About this exercise —
Lines with the word "fill" in them must be copied from the records below.

Supplied material —
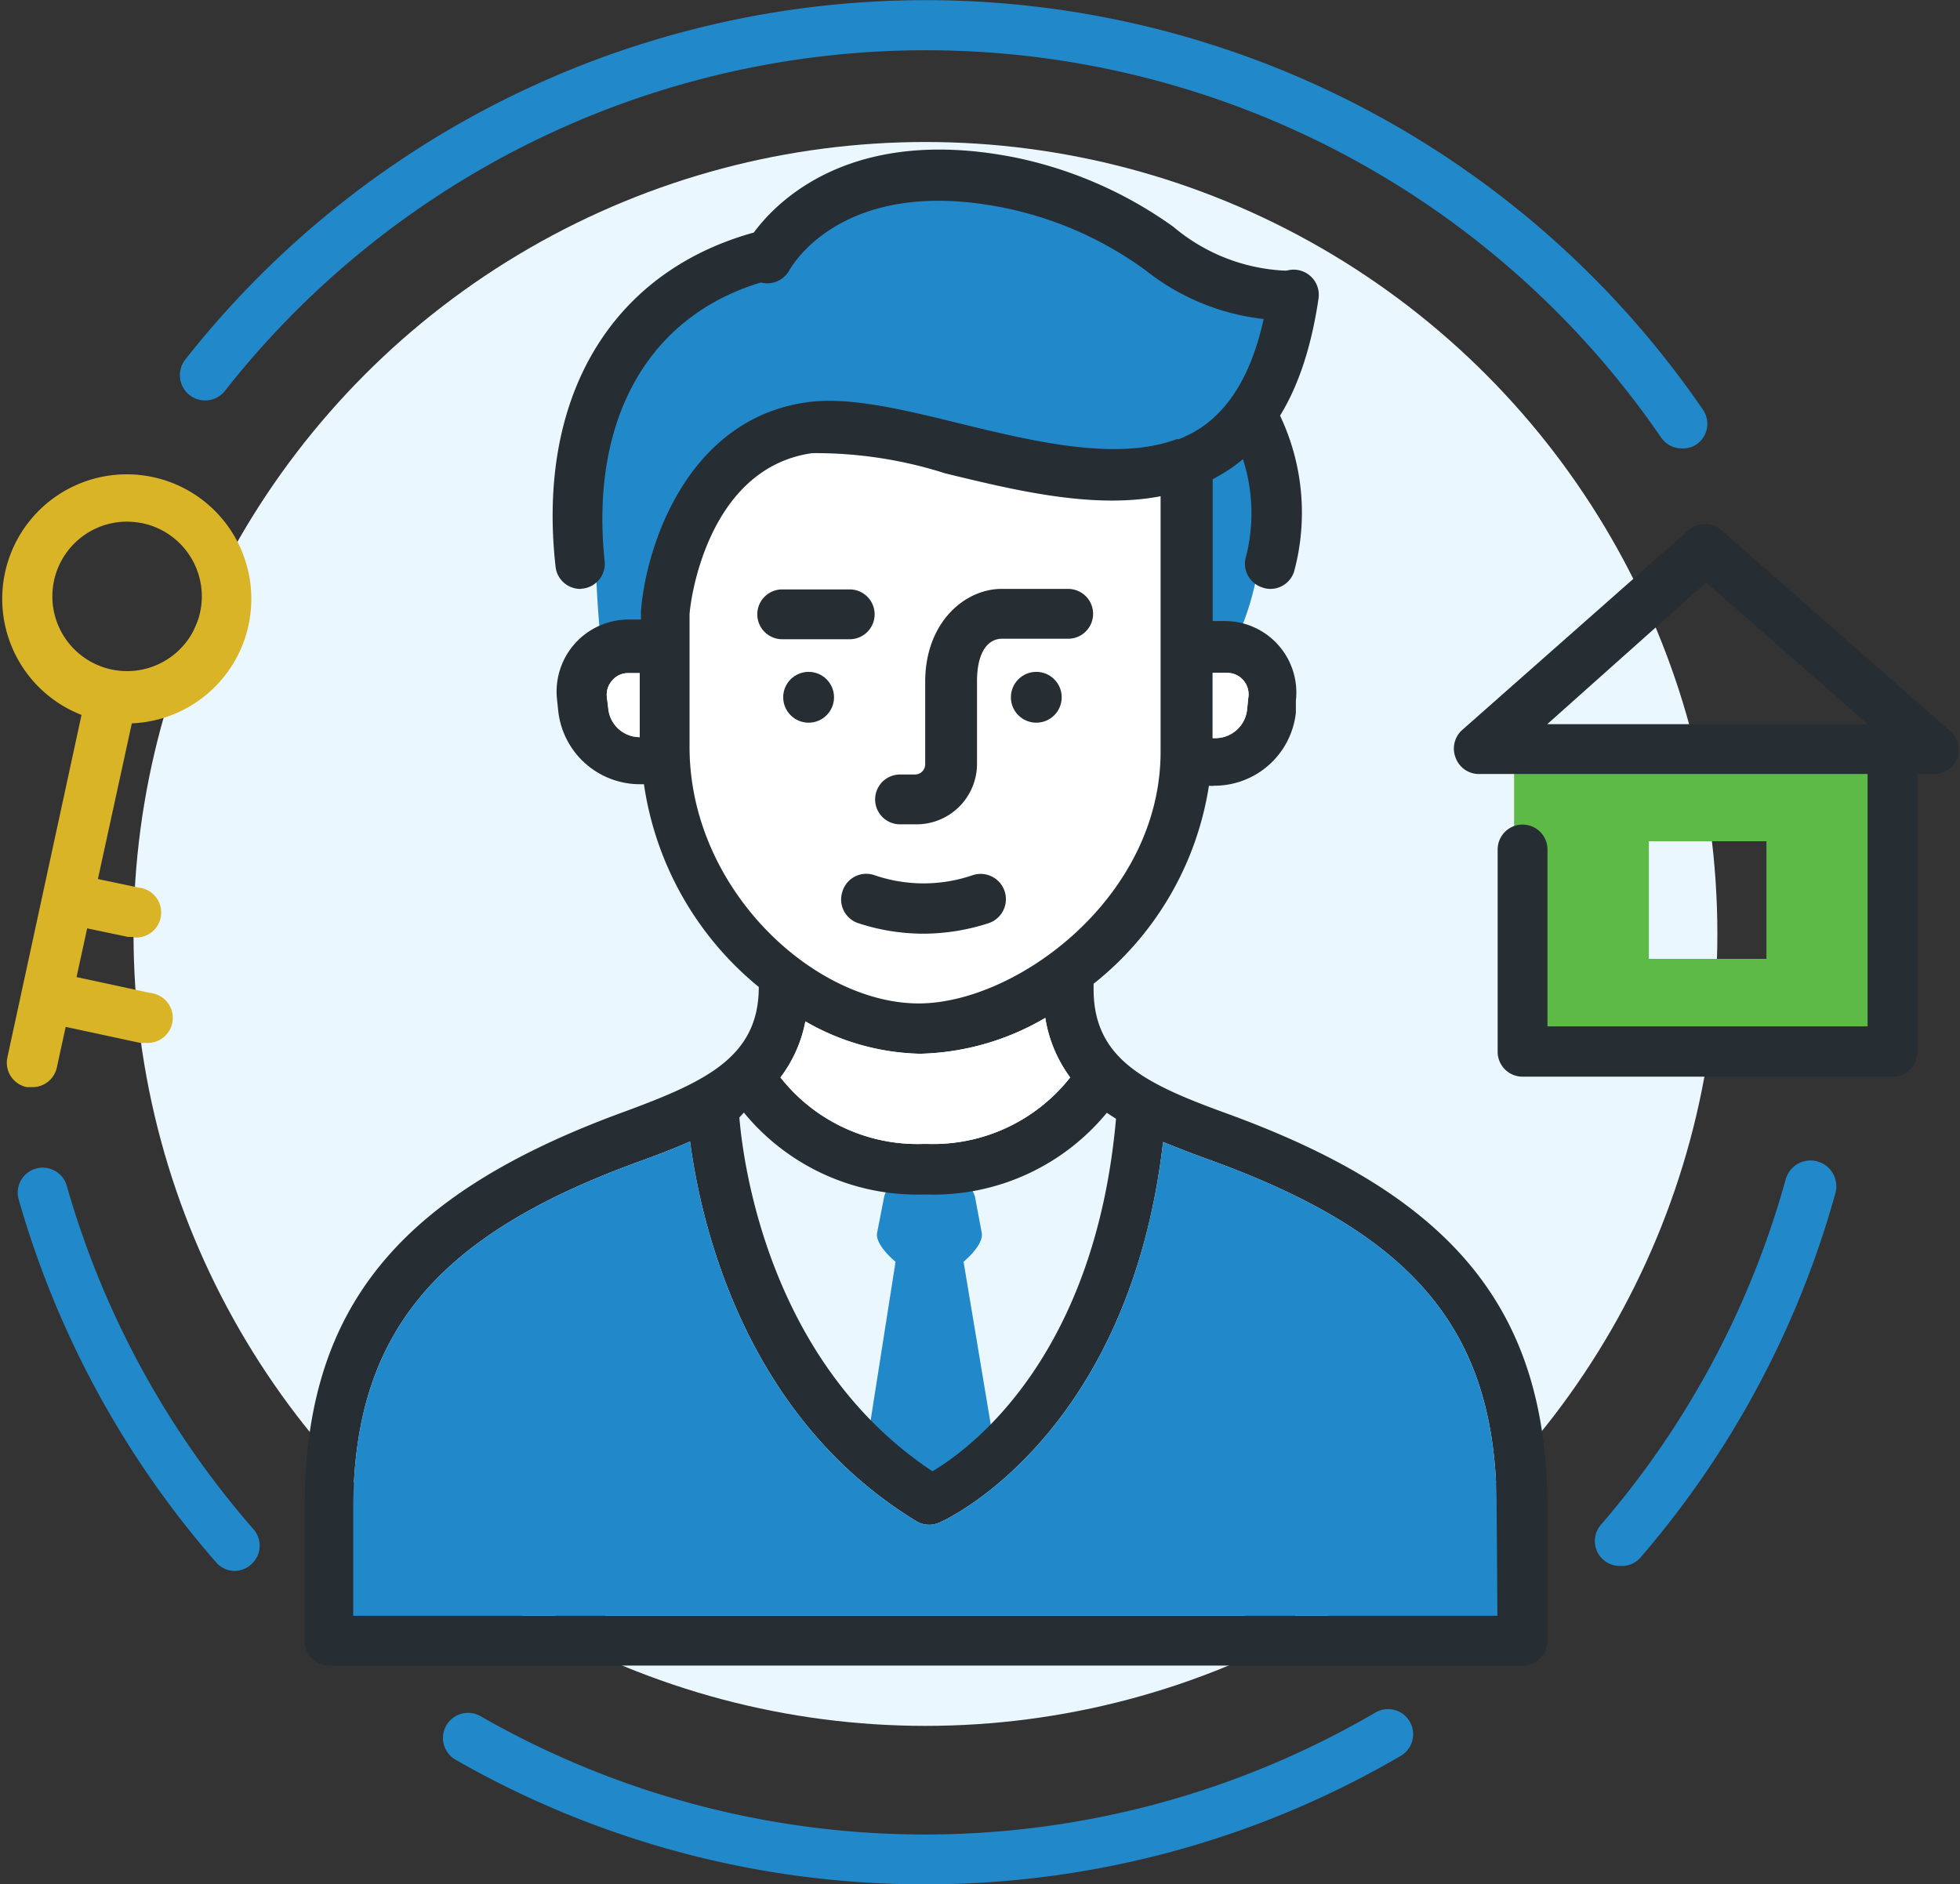 <svg id="Layer_1" data-name="Layer 1" xmlns="http://www.w3.org/2000/svg" viewBox="0 0 78.68 75.64">
  <rect x="0" y="0" width="78.68" height="75.64" fill="#333333" stroke="none"/>
  <defs>
    <style>
      .cls-1 {
        fill: #eaf7fe;
      }

      .cls-2 {
        fill: #fff;
      }

      .cls-3 {
        fill: #5dba47;
      }

      .cls-4 {
        fill: #2188ca;
      }

      .cls-5 {
        fill: #262d33;
      }

      .cls-6 {
        fill: #dab427;
      }
    </style>
  </defs>
  <circle class="cls-1" cx="37.15" cy="37.49" r="31.79"/>
  <path class="cls-2" d="M29,32.12V26.83c0-.35.63-5.89,4.92-6.5a17.1,17.1,0,0,1,5.34.81c2.83.69,5.94,1.44,8.65.92V32.31c0,5.86-5.8,10.11-9.71,10.11C34,42.42,29,37.83,29,32.12Z" transform="translate(-1.32 -2.14)"/>
  <path class="cls-3" d="M62.1,32.53V44H77.64V32.53Zm10.13,8.1H67.51V35.91h4.72Z" transform="translate(-1.32 -2.14)"/>
  <path class="cls-4" d="M40,52.79s.82-.67.73-1.16l-.27-1.44a1.13,1.13,0,0,0-.74-.78H37.54a1.12,1.12,0,0,0-.73.78l-.28,1.44c-.09.49.74,1.16.74,1.16l-1.1,7,3,1.8,2-1.8Z" transform="translate(-1.32 -2.14)"/>
  <path class="cls-4" d="M25.43,27.8h2.15S28,21,32.66,19.37c2.74-.93,10.79,1.33,12.68,1.53a11.19,11.19,0,0,0,3.25-.1l-.05,7,2.15.54a11.25,11.25,0,0,0,.6-9.07l1.63-5.35c-1.29-.2-2.55-.13-3.92-1.12-2.81-2-6.44-4.18-10.44-4C34.93,9,32,12.14,32,12.14a8.07,8.07,0,0,0-5.5,3.92C24.51,19.53,25.43,27.8,25.43,27.8Z" transform="translate(-1.32 -2.14)"/>
  <path class="cls-5" d="M38.38,39.62a8.37,8.37,0,0,1-2.6-.42,1,1,0,0,1-.64-1.28,1,1,0,0,1,1.28-.65,6.07,6.07,0,0,0,3.95,0A1,1,0,0,1,41,39.2,8.54,8.54,0,0,1,38.38,39.62Z" transform="translate(-1.32 -2.14)"/>
  <path class="cls-5" d="M38.06,35.23h-.61a1,1,0,1,1,0-2h.61a.41.41,0,0,0,.4-.41V29.51c0-2.36,1.55-3.69,3-3.73.57,0,2.65,0,2.74,0a1,1,0,1,1,0,2s-2.13,0-2.66,0-1,.49-1,1.71V32.8A2.43,2.43,0,0,1,38.06,35.23Z" transform="translate(-1.32 -2.14)"/>
  <path class="cls-5" d="M35.43,27.8H32.72a1,1,0,1,1,0-2h2.71a1,1,0,0,1,0,2Z" transform="translate(-1.32 -2.14)"/>
  <circle class="cls-5" cx="32.46" cy="27.99" r="1.02"/>
  <circle class="cls-5" cx="41.6" cy="27.99" r="1.02"/>
  <path class="cls-5" d="M24.62,25.78a1,1,0,0,1-1-.91c-.75-6.75,2.19-11.75,7.87-13.37A1,1,0,1,1,32,13.44c-4.65,1.33-7,5.52-6.41,11.21a1,1,0,0,1-.9,1.12Z" transform="translate(-1.32 -2.14)"/>
  <path class="cls-5" d="M52.31,25.78a.91.91,0,0,1-.32-.06,1,1,0,0,1-.64-1.28,7.1,7.1,0,0,0-.64-5.06,1,1,0,0,1,1.73-1.07,9.08,9.08,0,0,1,.83,6.77A1,1,0,0,1,52.31,25.78Z" transform="translate(-1.32 -2.14)"/>
  <path class="cls-5" d="M50.6,46.85c-3.25-1.18-5.38-2.17-5.38-5v-.22a12.6,12.6,0,0,0,4.63-7.95.78.78,0,0,0,.22,0,3.29,3.29,0,0,0,3.27-2.93l0-.48a2.87,2.87,0,0,0-2.86-3.2H50V21.38q.33-.18.66-.39c1.93-1.3,3.1-3.55,3.59-6.87a1,1,0,0,0-2-.29c-.4,2.72-1.29,4.51-2.72,5.48a5,5,0,0,1-.89.46l-.09,0c-2.41.9-5.75.09-8.74-.64-2.28-.56-4.43-1.08-6.11-.84-4.8.68-6.45,5.78-6.65,8.38v0s0,0,0,0v.34h-.5a2.89,2.89,0,0,0-2.87,3.2l.05.48a3.3,3.3,0,0,0,3.28,2.93l.16,0a12.9,12.9,0,0,0,4.61,8.14v0c0,2.81-2.13,3.8-5.38,5-9.13,3.33-12.85,7.93-12.85,15.9V68a1,1,0,0,0,1,1H62.44a1,1,0,0,0,1-1V62.75C63.45,54.78,59.73,50.18,50.6,46.85ZM50,29.15h.58a.86.86,0,0,1,.85,1l-.05.49a1.28,1.28,0,0,1-1.26,1.13l-.12,0ZM27,31.73h0a1.27,1.27,0,0,1-1.26-1.13l-.06-.49a.85.85,0,0,1,.22-.66.82.82,0,0,1,.64-.29H27Zm2,.39V26.83c0-.35.63-5.89,4.92-6.5a17.1,17.1,0,0,1,5.34.81c2.83.69,5.94,1.44,8.65.92V32.31c0,5.86-5.8,10.11-9.71,10.11C34,42.42,29,37.83,29,32.12ZM44.28,45.39a7,7,0,0,1-5.71,2.67h-.2a7,7,0,0,1-5.72-2.67,5.41,5.41,0,0,0,1-2.25,9.58,9.58,0,0,0,4.6,1.3A10.37,10.37,0,0,0,43.28,43,5.47,5.47,0,0,0,44.28,45.39ZM31.18,46.8a9,9,0,0,0,7.19,3.29h.2a9,9,0,0,0,7.18-3.28l.37.24c-.85,9.55-5.82,13.23-7.37,14.15C32.42,57,31.2,49.38,31,47ZM61.43,67H15.5V62.75c0-7,3.23-11,11.52-14,.66-.24,1.35-.5,2-.79.45,3.38,2.22,11.09,9.13,15.27a1,1,0,0,0,.94,0c.32-.14,7.57-3.56,8.92-15.25.63.26,1.26.5,1.87.72,8.29,3,11.52,6.94,11.52,14Z" transform="translate(-1.32 -2.14)"/>
  <path class="cls-5" d="M52.82,15a9.27,9.27,0,0,1-5.5-2,14.54,14.54,0,0,0-5.6-2.5C35.2,9.15,33.12,12.79,33,13A1,1,0,0,1,31.24,12c.11-.21,2.81-5.15,10.87-3.53a16.66,16.66,0,0,1,6.32,2.78A7.46,7.46,0,0,0,52.82,13a1,1,0,0,1,0,2Z" transform="translate(-1.32 -2.14)"/>
  <path class="cls-5" d="M24.62,68.32a1,1,0,0,1-1-1V63.26a1,1,0,0,1,2,0v4.05A1,1,0,0,1,24.62,68.32Z" transform="translate(-1.32 -2.14)"/>
  <path class="cls-5" d="M52.31,68.32a1,1,0,0,1-1-1V63.26a1,1,0,1,1,2,0v4.05A1,1,0,0,1,52.31,68.32Z" transform="translate(-1.32 -2.14)"/>
  <path class="cls-4" d="M38.46,77.78a37.81,37.81,0,0,1-18.85-5,1,1,0,0,1,1-1.75,35.86,35.86,0,0,0,35.93-.15,1,1,0,0,1,1,1.75A37.79,37.79,0,0,1,38.46,77.78Z" transform="translate(-1.32 -2.14)"/>
  <path class="cls-4" d="M66.37,65a1,1,0,0,1-.77-1.67A35.85,35.85,0,0,0,73,49.49a1,1,0,1,1,2,.54,37.94,37.94,0,0,1-7.79,14.59A1,1,0,0,1,66.37,65Z" transform="translate(-1.32 -2.14)"/>
  <path class="cls-4" d="M68.81,20.14A1,1,0,0,1,68,19.7a35.79,35.79,0,0,0-57.65-1.87,1,1,0,1,1-1.59-1.26,37.83,37.83,0,0,1,60.91,2A1,1,0,0,1,69.39,20,1,1,0,0,1,68.81,20.14Z" transform="translate(-1.32 -2.14)"/>
  <path class="cls-4" d="M10.75,65.2a1,1,0,0,1-.76-.35A38,38,0,0,1,2.07,50.29,1,1,0,1,1,4,49.74a36,36,0,0,0,7.49,13.78,1,1,0,0,1-.09,1.42A1,1,0,0,1,10.75,65.2Z" transform="translate(-1.32 -2.14)"/>
  <path class="cls-5" d="M79,33.21H60.75a1,1,0,0,1-1-.66,1,1,0,0,1,.28-1.12l9.06-8a1,1,0,0,1,1.34,0l9.18,8.06a1,1,0,0,1,.27,1.12A1,1,0,0,1,79,33.21Zm-15.57-2H76.3l-6.49-5.69Z" transform="translate(-1.32 -2.14)"/>
  <path class="cls-5" d="M77.3,45.36H62.44a1,1,0,0,1-1-1V36.24a1,1,0,1,1,2,0v7.1H76.29V32.87a1,1,0,1,1,2,0V44.35A1,1,0,0,1,77.3,45.36Z" transform="translate(-1.32 -2.14)"/>
  <path class="cls-6" d="M6.38,31.18a4.79,4.79,0,0,1-1.06-.12,5,5,0,1,1,1.06.12Zm0-8.1a3,3,0,1,0,.64.06A3.47,3.47,0,0,0,6.38,23.08Z" transform="translate(-1.32 -2.14)"/>
  <path class="cls-6" d="M2.61,45.78l-.21,0a1,1,0,0,1-.78-1.21l3-13.86a1,1,0,1,1,2,.43L3.6,45A1,1,0,0,1,2.61,45.78Z" transform="translate(-1.32 -2.14)"/>
  <path class="cls-6" d="M7.14,44a.75.75,0,0,1-.21,0l-3.3-.71a1,1,0,1,1,.43-2l3.3.71a1,1,0,0,1-.22,2Z" transform="translate(-1.32 -2.14)"/>
  <path class="cls-6" d="M6.68,39.75l-.22,0-2-.42a1,1,0,0,1-.77-1.21,1,1,0,0,1,1.2-.77l2,.42a1,1,0,0,1-.21,2Z" transform="translate(-1.32 -2.14)"/>
  <path class="cls-4" d="M61.43,67H15.5V62.75c0-7,3.23-11,11.52-14,.66-.24,1.35-.5,2-.79.45,3.38,2.22,11.09,9.13,15.27a1,1,0,0,0,.94,0c.32-.14,7.57-3.56,8.92-15.25.63.26,1.26.5,1.87.72,8.29,3,11.52,6.94,11.52,14Z" transform="translate(-1.32 -2.14)"/>
  <path class="cls-2" d="M44.28,45.39a7,7,0,0,1-5.71,2.67h-.2a7,7,0,0,1-5.72-2.67,5.41,5.41,0,0,0,1-2.25,9.58,9.58,0,0,0,4.6,1.3A10.37,10.37,0,0,0,43.28,43,5.47,5.47,0,0,0,44.28,45.39Z" transform="translate(-1.32 -2.14)"/>
  <path class="cls-2" d="M50,29.15h.58a.86.86,0,0,1,.85,1l-.05.49a1.28,1.28,0,0,1-1.26,1.13l-.12,0Z" transform="translate(-1.32 -2.14)"/>
  <path class="cls-2" d="M27,31.73h0a1.27,1.27,0,0,1-1.26-1.13l-.06-.49a.85.85,0,0,1,.22-.66.82.82,0,0,1,.64-.29H27Z" transform="translate(-1.32 -2.14)"/>
</svg>

Exercise response —
  <rect x="0" y="0" width="78.68" height="75.64" fill="#333333" stroke="none"/>
        fill: #eaf7fe;
        fill: #fff;
        fill: #5dba47;
        fill: #2188ca;
        fill: #262d33;
        fill: #dab427;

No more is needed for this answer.